As for the kicker, though, that would be the ROW_NUMBER() OVER (PARTITION BY...) section. That function is highly useful and worth researching. The details are a little more complex than this, but it works sort of like an internal GROUP BY and ORDER BY together for the SELECT area of your current query without GROUPing or ORDERing the rest of the query.
I paraphrased a bit, but if you use what I sent plus a little documentation, that should pretty much get you there.
Amazing, thank you! I will definitely research that more.
The CTE is not required for the data you were looking for. CTE's add additional overhead, be careful in using them.
The query can be built like this:
Set ArithAbort OnSET TRANSACTION ISOLATION LEVEL READ UNCOMMITTEDSelect CT.customer_no , isnull(C.fname,'') as fname , C.lname , c.sort_name, cont_dt , cont_amt from (Select customer_no, cont_amt , Cont_dt , ROW_NUMBER () over (partition by Customer_No Order by Cont_AMT desc, Cont_Dt desc) as SeqNo from T_CONTRIBUTION where cont_amt > 1500 ) as CT inner join T_CUSTOMER as C on CT.customer_no = C.customer_no where SeqNo = 1
Performance statistics without CTE:
(3903 rows affected)Table 'T_CONTRIBUTION'. Scan count 9, logical reads 40705, physical reads 0, read-ahead reads 40705, lob logical reads 0, lob physical reads 0, lob read-ahead reads 0.Table 'T_CUSTOMER'. Scan count 0, logical reads 20435, physical reads 1, read-ahead reads 2717, lob logical reads 0, lob physical reads 0, lob read-ahead reads 0.Table 'Worktable'. Scan count 0, logical reads 0, physical reads 0, read-ahead reads 0, lob logical reads 0, lob physical reads 0, lob read-ahead reads 0.Table 'Worktable'. Scan count 0, logical reads 0, physical reads 0, read-ahead reads 0, lob logical reads 0, lob physical reads 0, lob read-ahead reads 0.
Performance statistics using Jordan's sample with CTE
(3903 rows affected)Table 'T_CONTRIBUTION'. Scan count 18, logical reads 81410, physical reads 0, read-ahead reads 40705, lob logical reads 0, lob physical reads 0, lob read-ahead reads 0.Table 'Worktable'. Scan count 0, logical reads 0, physical reads 0, read-ahead reads 0, lob logical reads 0, lob physical reads 0, lob read-ahead reads 0.Table 'T_CUSTOMER'. Scan count 0, logical reads 20868, physical reads 1, read-ahead reads 2717, lob logical reads 0, lob physical reads 0, lob read-ahead reads 0.Table 'Workfile'. Scan count 0, logical reads 0, physical reads 0, read-ahead reads 0, lob logical reads 0, lob physical reads 0, lob read-ahead reads 0.Table 'Worktable'. Scan count 0, logical reads 0, physical reads 0, read-ahead reads 0, lob logical reads 0, lob physical reads 0, lob read-ahead reads 0.

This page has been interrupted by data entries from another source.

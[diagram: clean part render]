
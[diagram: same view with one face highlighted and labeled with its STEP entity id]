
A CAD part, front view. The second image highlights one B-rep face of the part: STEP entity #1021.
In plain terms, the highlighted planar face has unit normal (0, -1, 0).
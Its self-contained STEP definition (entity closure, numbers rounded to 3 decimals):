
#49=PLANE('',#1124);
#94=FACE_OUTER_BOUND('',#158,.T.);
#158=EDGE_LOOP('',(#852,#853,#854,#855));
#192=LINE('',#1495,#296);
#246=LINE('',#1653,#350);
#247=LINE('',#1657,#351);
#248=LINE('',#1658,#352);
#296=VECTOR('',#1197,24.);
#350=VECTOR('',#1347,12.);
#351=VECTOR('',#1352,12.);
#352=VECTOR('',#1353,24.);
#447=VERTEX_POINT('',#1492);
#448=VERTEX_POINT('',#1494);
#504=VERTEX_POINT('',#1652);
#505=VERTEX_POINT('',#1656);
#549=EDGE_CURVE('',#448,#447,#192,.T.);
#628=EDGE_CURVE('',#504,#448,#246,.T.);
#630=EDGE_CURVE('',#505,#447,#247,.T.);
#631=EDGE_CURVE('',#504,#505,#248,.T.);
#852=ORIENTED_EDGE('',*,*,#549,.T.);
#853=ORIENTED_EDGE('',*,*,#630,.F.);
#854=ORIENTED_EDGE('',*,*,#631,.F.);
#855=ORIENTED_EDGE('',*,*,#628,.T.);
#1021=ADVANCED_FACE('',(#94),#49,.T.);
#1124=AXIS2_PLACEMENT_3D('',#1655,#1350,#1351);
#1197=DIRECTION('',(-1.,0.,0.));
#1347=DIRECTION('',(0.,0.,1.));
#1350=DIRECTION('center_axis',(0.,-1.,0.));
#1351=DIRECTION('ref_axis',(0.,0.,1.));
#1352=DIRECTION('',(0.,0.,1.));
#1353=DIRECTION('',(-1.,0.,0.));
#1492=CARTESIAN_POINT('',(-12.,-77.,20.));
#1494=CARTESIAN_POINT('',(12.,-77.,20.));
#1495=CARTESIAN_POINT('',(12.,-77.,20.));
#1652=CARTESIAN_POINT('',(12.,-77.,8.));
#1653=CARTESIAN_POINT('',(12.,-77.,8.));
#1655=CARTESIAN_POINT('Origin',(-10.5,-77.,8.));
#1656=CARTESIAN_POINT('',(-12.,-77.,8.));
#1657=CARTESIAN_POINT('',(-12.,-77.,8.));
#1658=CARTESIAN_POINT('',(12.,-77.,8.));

As you can see the CTE version doubled the number of logical reads, scan count, created an extra work table and did more reads on the customer table. The execution plan was also much simpler for the one without the CTE.
You are not incorrect, and it is true, I will often make different decisions when I do one-time queries versus queries that I am putting into a procedure. CTEs can be helpful, but can be dangerous, too. Same thing with temporary table, cursors and many other things.

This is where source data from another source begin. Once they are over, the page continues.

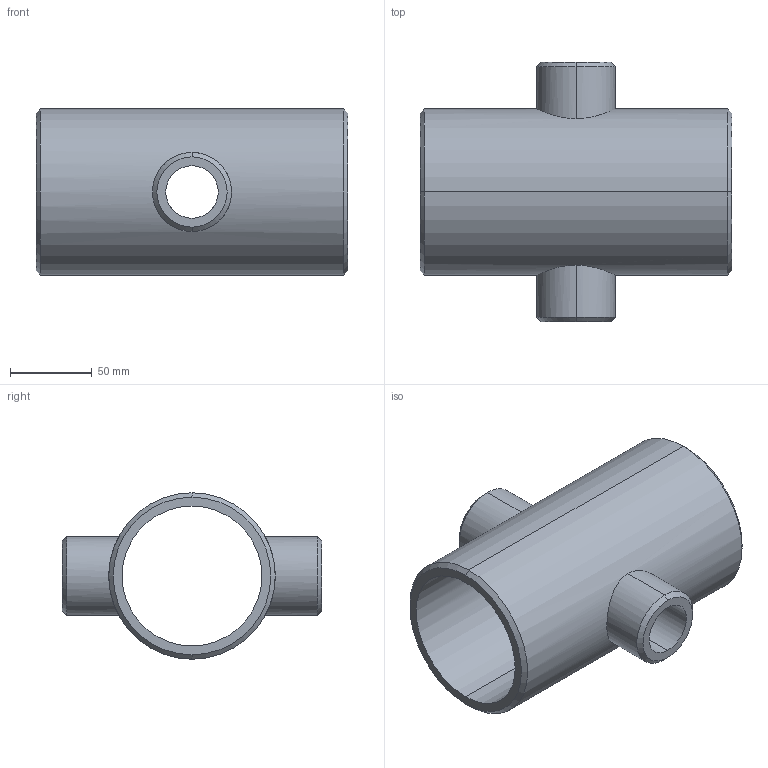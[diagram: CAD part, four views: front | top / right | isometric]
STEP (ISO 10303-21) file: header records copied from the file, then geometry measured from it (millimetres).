
FILE_DESCRIPTION (( 'STEP AP203' ), '1' );
FILE_NAME ('RCross Inch 3.5x3.5x1.5Sch 80.STEP', '2025-05-08T01:44:12', '' );
FILE_SCHEMA (( 'CONFIG_CONTROL_DESIGN' ));
Length unit declared in the file: inch
Products named in the file (1): RCross Inch 3.5x3.5x1.5Sch 80
Bounding box: 190.5 x 158.5 x 101.6 mm (x, y, z)
Volume: 497849.8 mm3; surface area: 129000.3 mm2
Topology: 1 solids, 1 shells, 24 faces, 52 edges, 32 vertices
Faces by surface type: cylinder 12, cone 8, plane 4
Entity records: 1201 total; most frequent: CARTESIAN_POINT 579, DIRECTION 118, ORIENTED_EDGE 104, EDGE_CURVE 52, AXIS2_PLACEMENT_3D 49, VERTEX_POINT 32, EDGE_LOOP 32, CIRCLE 24
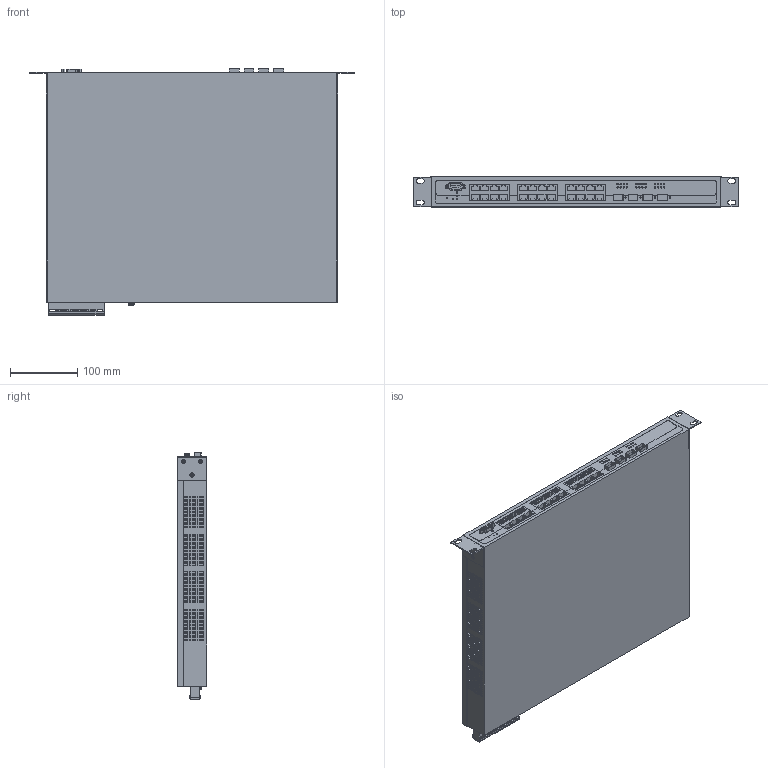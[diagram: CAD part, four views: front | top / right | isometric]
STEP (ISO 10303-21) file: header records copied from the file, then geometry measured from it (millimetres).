
FILE_DESCRIPTION(('CATIA V5 STEP Exchange','CAx-IF Rec.Pracs.--- Model Styling and Organization---1.5--- 2016-08-15','CAx-IF Rec.Pracs.---Supplemental Geometry---1.0---2011-11-01','CAx-IF Rec.Pracs.--- Composite Materials ---1.1---2010-07-15'),'2;1');
FILE_NAME ('D1651910_1', '2025-04-07T11:17:11+00:00', ('none'), ('Weidmueller'), 'CATIA Version 5-6 Release 2022 SP4 HF5', 'CATIA V5 STEP AP214 v3', 'none');
FILE_SCHEMA(('AUTOMOTIVE_DESIGN { 1 0 10303 214 1 1 1 1 }'));
Products named in the file (1): S3D_IE_SW_AL26M_22GTPOE_2GCPOE_2GESFP
Bounding box: 482 x 44.45 x 366.29 mm (x, y, z)
Volume: 6532993.3 mm3; surface area: 410634.6 mm2
Topology: 2 solids, 2 shells, 3663 faces, 9510 edges, 6322 vertices
Faces by surface type: plane 2199, cylinder 1420, cone 26, torus 16, sphere 2
Entity records: 106812 total; most frequent: ORIENTED_EDGE 19020, CARTESIAN_POINT 18293, DIRECTION 14244, EDGE_CURVE 9510, VECTOR 6596, LINE 6596, VERTEX_POINT 6322, AXIS2_PLACEMENT_3D 5271
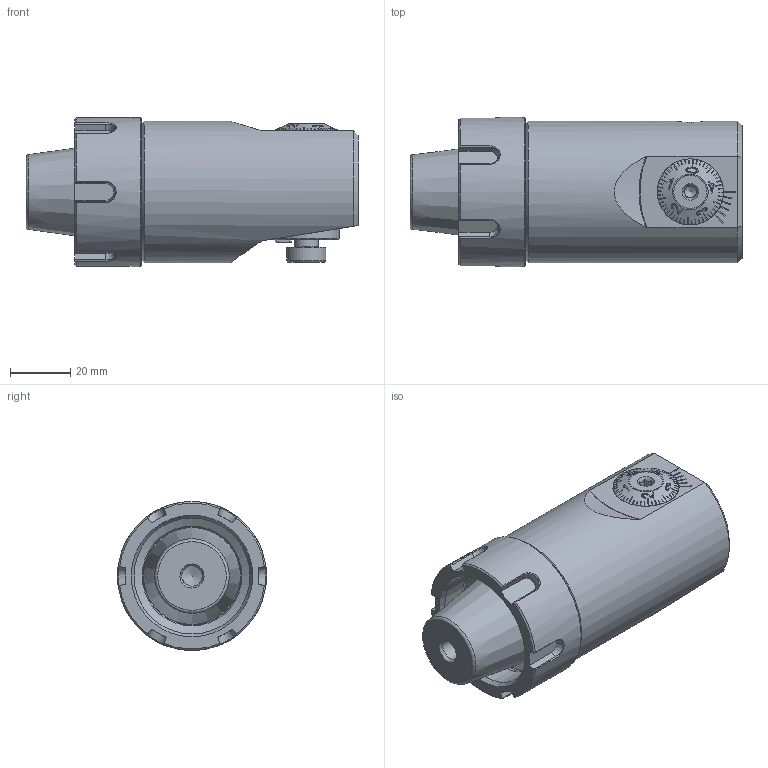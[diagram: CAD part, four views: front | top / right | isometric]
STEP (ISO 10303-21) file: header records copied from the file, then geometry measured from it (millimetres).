
FILE_DESCRIPTION (( 'STEP AP214' ), '1' );
FILE_NAME ('E32.F42.AA4.075.STEP', '2020-08-13T12:58:57', ( '' ), ( '' ), 'SwSTEP 2.0', 'SolidWorks 2017', '' );
FILE_SCHEMA (( 'AUTOMOTIVE_DESIGN' ));
Length unit declared in the file: millimetre
Products named in the file (21): A42-BG3.011.030_D; Fxx-MAB.xxx.xxx_A_F42; A42-BG2.012.005_A; ISO 4762 - M2 x 4; DIN 7984 - M8 x 12; Klebstoff D8; A42-BG2.013.005_B; F42-BG1.DA4.022; E32-F42.AA3.075_A_bohrungen gef〕lt; E32.F42.AA4.075; A42-BG1.012.006_B; F42-BG2.014.014_A; ISO 4026 - M8 x 8_f〉.step; PEF-DA3.010.032_A_F42; F42-BG1.DA3.022_A; DIN 3771 - 19x1.5; Sprengring_15.07.2011_003_Sprengring ›32; WCA-ER2.001.007_A; A42-BG2.011.014_C; DIN 3771 - 13x1; MSX-ER1.XXX.XXX_A_Mutter Spannzangenkegel E32
Assembly tree (21 placements, depth 3):
  E32.F42.AA4.075
    E32-F42.AA3.075_A_bohrungen gef〕lt
    F42-BG1.DA4.022
      F42-BG1.DA3.022_A
      A42-BG2.011.014_C
      A42-BG2.012.005_A
      A42-BG2.013.005_B
      F42-BG2.014.014_A
      A42-BG1.012.006_B
      DIN 3771 - 19x1.5
      Fxx-MAB.xxx.xxx_A_F42
    DIN 3771 - 13x1
    WCA-ER2.001.007_A
    Klebstoff D8
    A42-BG3.011.030_D
    DIN 7984 - M8 x 12
    PEF-DA3.010.032_A_F42
    ISO 4762 - M2 x 4  x2
    ISO 4026 - M8 x 8_f〉.step
    Sprengring_15.07.2011_003_Sprengring ›32
    MSX-ER1.XXX.XXX_A_Mutter Spannzangenkegel E32
Bounding box: 110.25 x 49.5 x 49.5 mm (x, y, z)
Volume: 153099.8 mm3; surface area: 42387 mm2
Topology: 32 solids, 32 shells, 778 faces, 1943 edges, 1257 vertices
Faces by surface type: plane 476, cone 127, cylinder 102, bspline 41, torus 31, sphere 1
Full cylindrical faces by diameter (mm): 1.9 x6, 2 x2, 2.1 x3, 2.5 x1, 3 x2, 3.2 x1, 3.3 x2, 3.8 x2, 3.9 x1, 4 x1, 4.15 x1, 4.2 x2, 6 x2, 6.8 x3, 7.95 x1, 8 x4, 8.5 x2, 8.6 x1, 9 x1, 9.4 x1, 9.8 x1, 10.4 x1, 10.95 x1, 11 x4, 13 x2, 13.3 x1, 18 x2, 18.45 x1, 21.9 x1, 21.98 x1
Entity records: 29907 total; most frequent: CARTESIAN_POINT 8246, ORIENTED_EDGE 3410, DIRECTION 3027, EDGE_CURVE 1705, VERTEX_POINT 1182, AXIS2_PLACEMENT_3D 1124, EDGE_LOOP 955, FACE_OUTER_BOUND 846

I certainly was not trying to imply that this was the only way to get it done, and your method indeed simplifies the process one further step by internalizing the initial pull. On the other hand, there are also similar situations where a CTE would be more necessary. But always helpful to make sure both perspectives on anything like CTEs or Cursors are represented to make sure no one goes crazy.
I have seen databases tied up in nasty ways due to my own carelessness, so I am always grateful for reminders.
What would make a CTE dangerous in an instance like this (or not like this for that matter)?
In this example a CTE is not overly dangerous, it is just making SQL Server work a little harder than it needs to for the same results. What you want to avoid is getting into coding habits that could potentially have an adverse impact when coding for something much more impactful due to frequency of use or volume of data.
For example if this was a query to pull available performances to display for a landing page it would be much more important to make sure it was optimally coded due to both the frequency in which it is called and volume of data.
Got it, thank you for helping me learn!